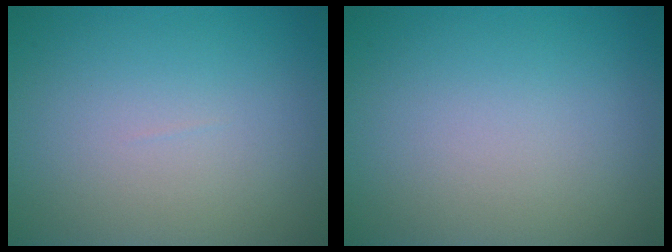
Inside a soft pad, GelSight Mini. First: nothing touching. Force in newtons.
{"total": 0.0}
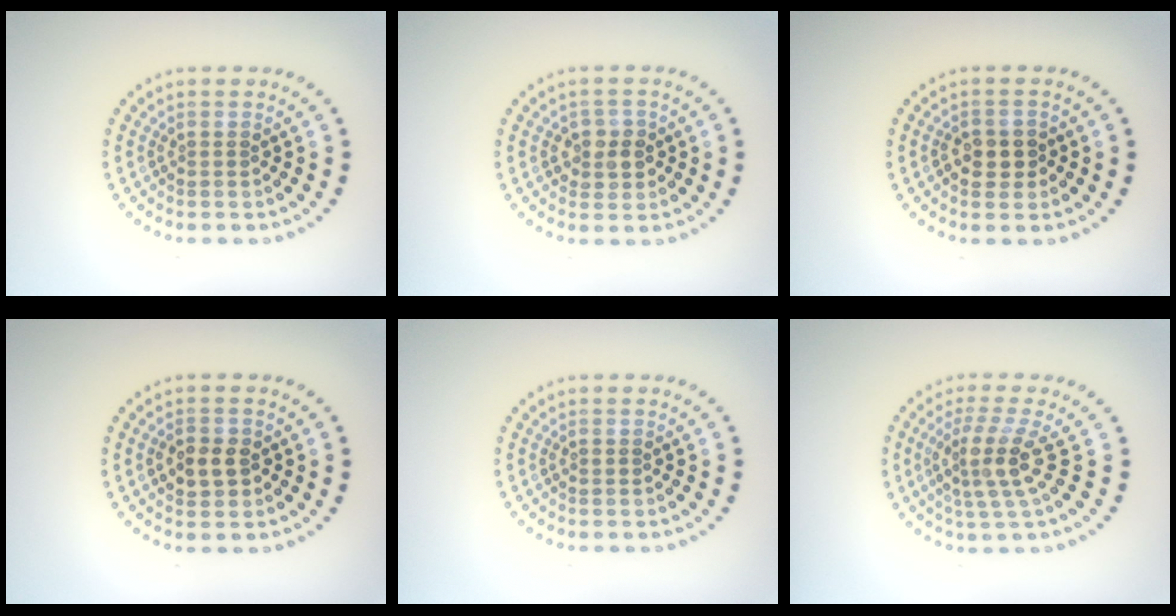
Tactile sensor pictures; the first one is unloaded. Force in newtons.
{"total": 2.2, "press": 2.1, "slide": 0.6}
{"total": 2.4, "press": 2.4, "slide": 0.4}
{"total": 2.6, "press": 2.6, "slide": 0.2}
{"total": 0.5, "press": 0.5, "slide": 0.2}
{"total": 3.7, "press": 2.7, "slide": 2.6}
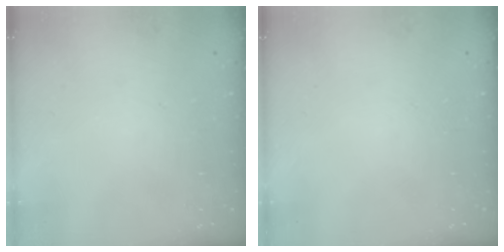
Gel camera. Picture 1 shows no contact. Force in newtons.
{"total": 0.0}
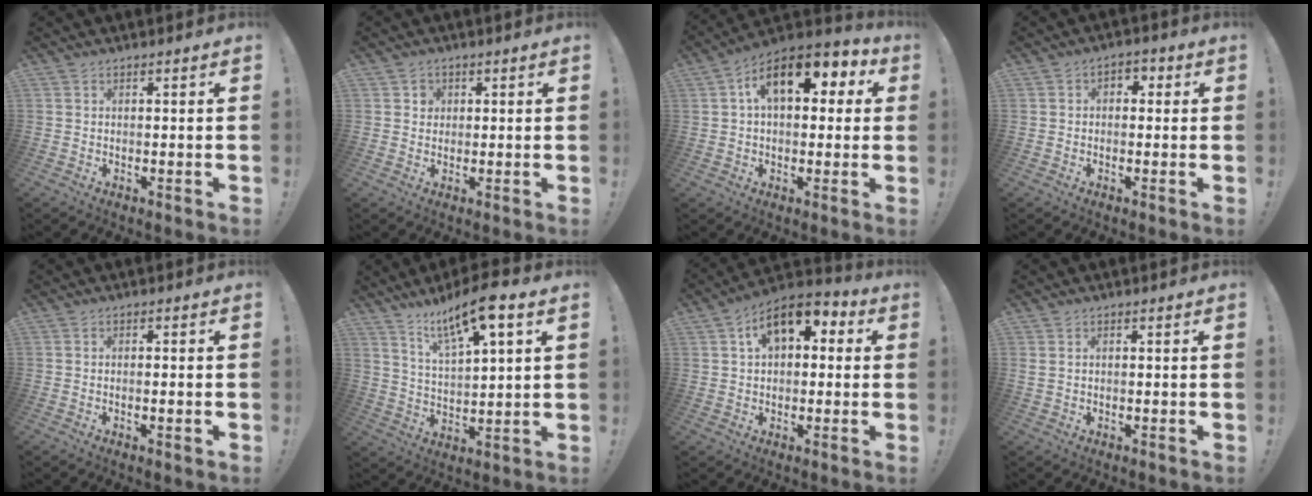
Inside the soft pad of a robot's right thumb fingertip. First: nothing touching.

**WHAT YOU ARE ASKED TO DO**
Your task is to repeat the listing exactly while omitting its pictures.

**RESULT OF THIS EXERCISE**
Inside a soft pad, GelSight Mini. First: nothing touching. Force in newtons.
{"total": 0.0}
Tactile sensor pictures; the first one is unloaded. Force in newtons.
{"total": 2.2, "press": 2.1, "slide": 0.6}
{"total": 2.4, "press": 2.4, "slide": 0.4}
{"total": 2.6, "press": 2.6, "slide": 0.2}
{"total": 0.5, "press": 0.5, "slide": 0.2}
{"total": 3.7, "press": 2.7, "slide": 2.6}
Gel camera. Picture 1 shows no contact. Force in newtons.
{"total": 0.0}
Inside the soft pad of a robot's right thumb fingertip. First: nothing touching.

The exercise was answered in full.